2.0.11

Databricks

Package: flyteplugins.databricks

Configuration for a Databricks task.

Tasks configured with this will execute natively on Databricks as a distributed PySpark job. Extends Spark with Databricks-specific cluster and authentication settings.

Parameters

class Databricks(
    spark_conf: typing.Optional[typing.Dict[str, str]],
    hadoop_conf: typing.Optional[typing.Dict[str, str]],
    executor_path: typing.Optional[str],
    applications_path: typing.Optional[str],
    driver_pod: typing.Optional[flyte._pod.PodTemplate],
    executor_pod: typing.Optional[flyte._pod.PodTemplate],
    databricks_conf: typing.Optional[typing.Dict[str, typing.Union[str, dict]]],
    databricks_instance: typing.Optional[str],
    databricks_token: typing.Optional[str],
)
Parameter Type Description
spark_conf typing.Optional[typing.Dict[str, str]] Spark configuration key-value pairs, e.g. {"spark.executor.memory": "4g"}.
hadoop_conf typing.Optional[typing.Dict[str, str]] Hadoop configuration key-value pairs.
executor_path typing.Optional[str] Path to the Python binary used for PySpark execution.
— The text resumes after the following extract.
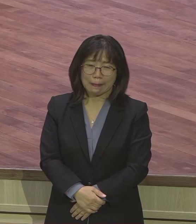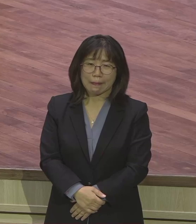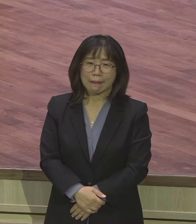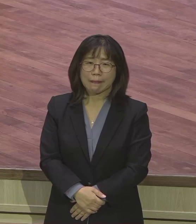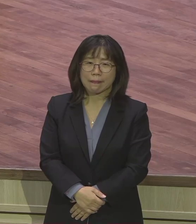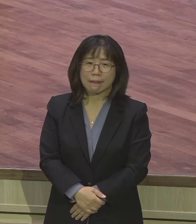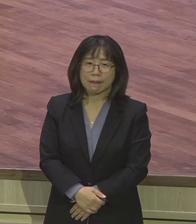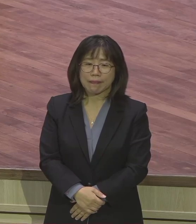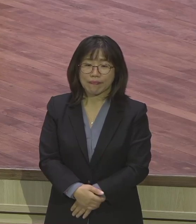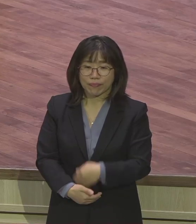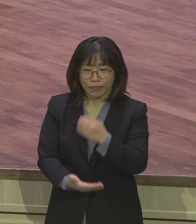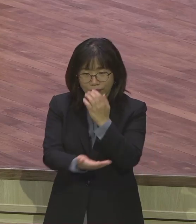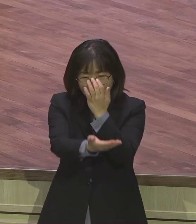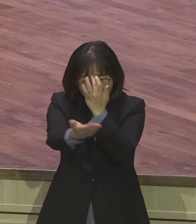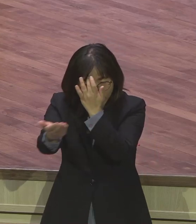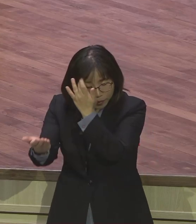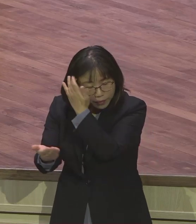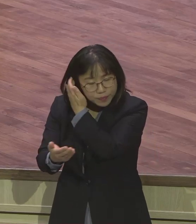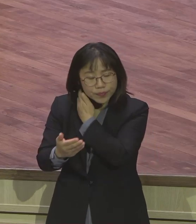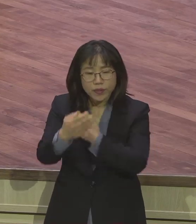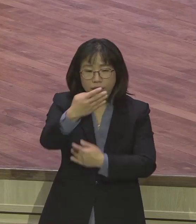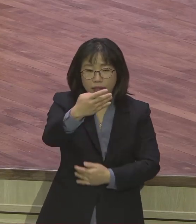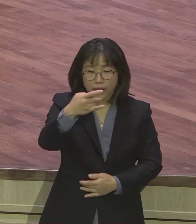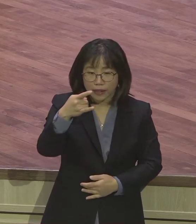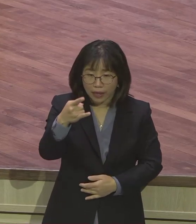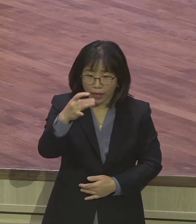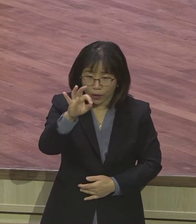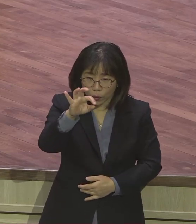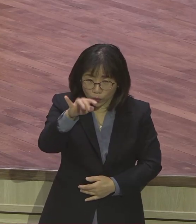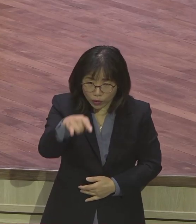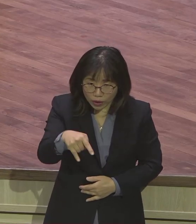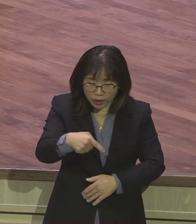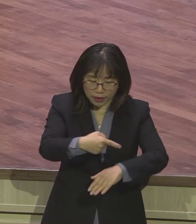이 레위의 지파는요. 이런 피은약의 비밀.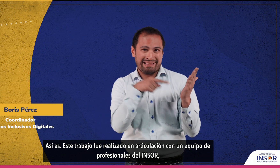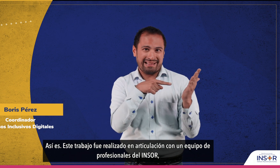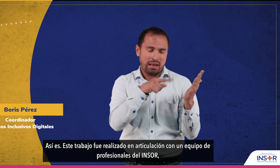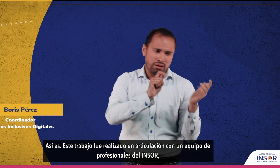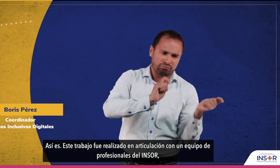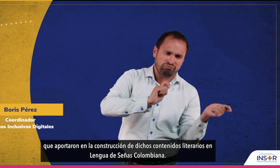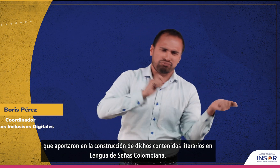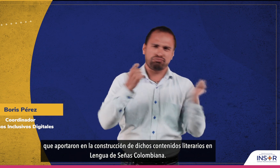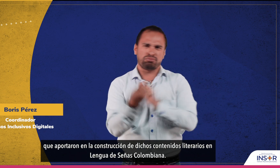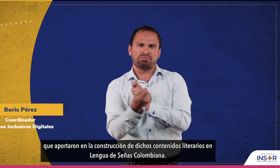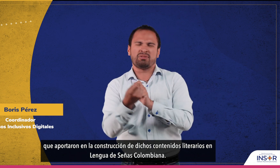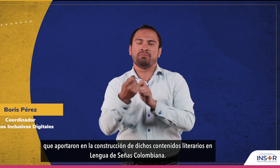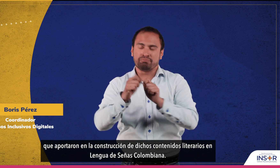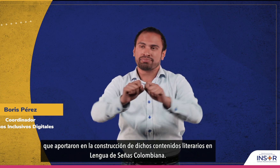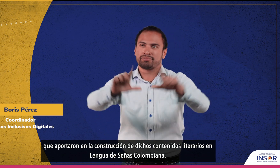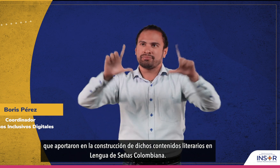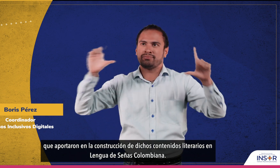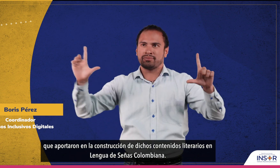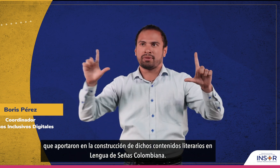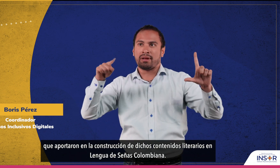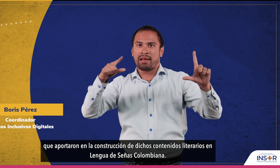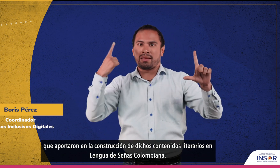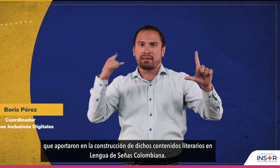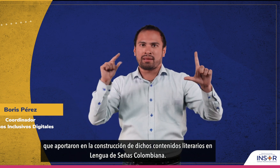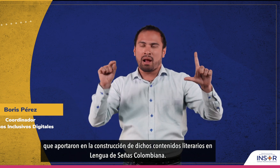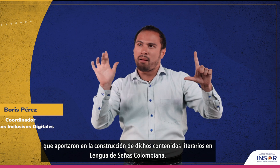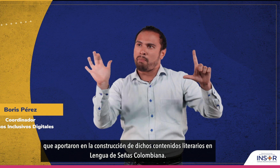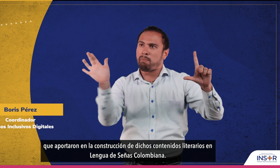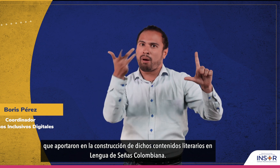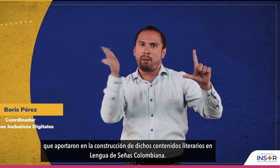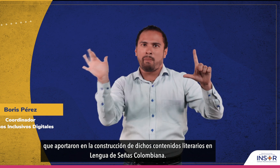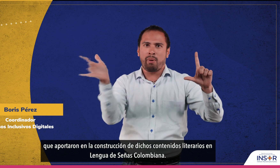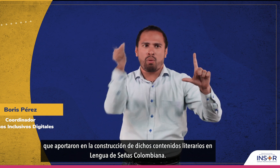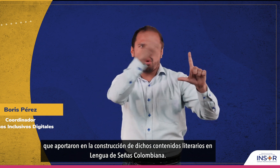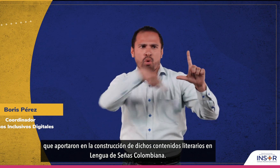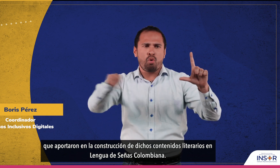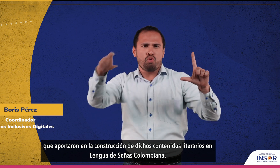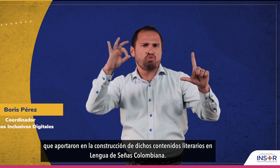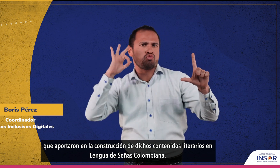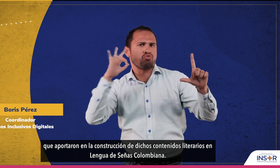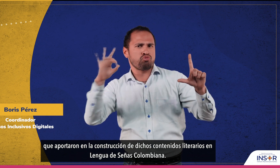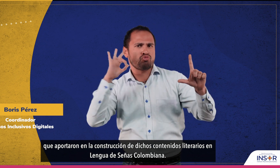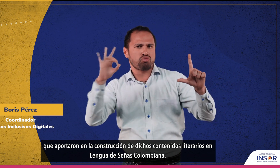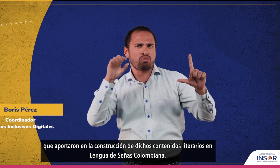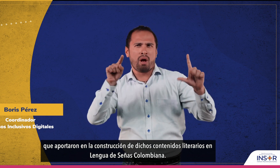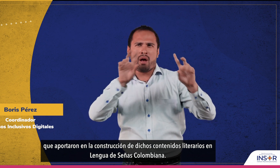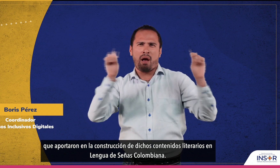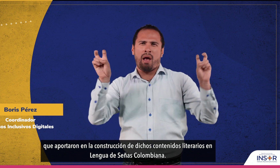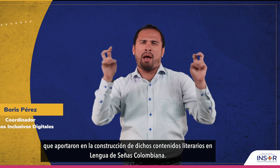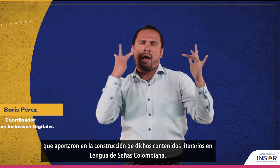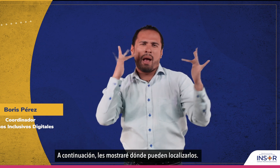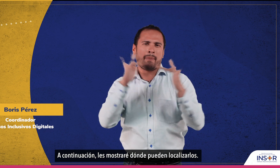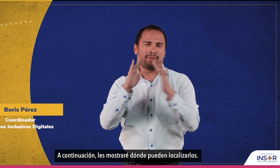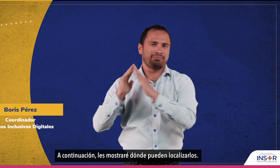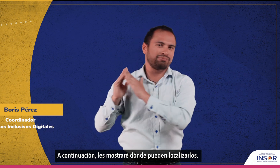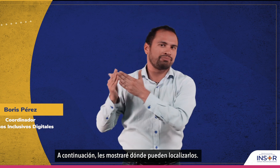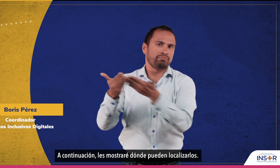que aportaron en la construcción de dichos contenidos literarios en lengua de señas colombiana. A continuación,

Defaults to the interpreter path from the serialization context.
applications_path typing.Optional[str] Path to the main application file. Defaults to the task entrypoint path.
driver_pod typing.Optional[flyte._pod.PodTemplate] Pod template applied to the Spark driver pod.
executor_pod typing.Optional[flyte._pod.PodTemplate] Pod template applied to the Spark executor pods.
databricks_conf typing.Optional[typing.Dict[str, typing.Union[str, dict]]] Databricks job configuration dict compliant with the Databricks Jobs API v2.1 (also supports v2.0 use cases). Typically includes new_cluster or existing_cluster_id, run_name, and other job settings.
databricks_instance typing.Optional[str] Domain name of your Databricks deployment, e.g. "myorg.cloud.databricks.com".
databricks_token typing.Optional[str] Name of the Flyte secret containing the Databricks API token used for authentication.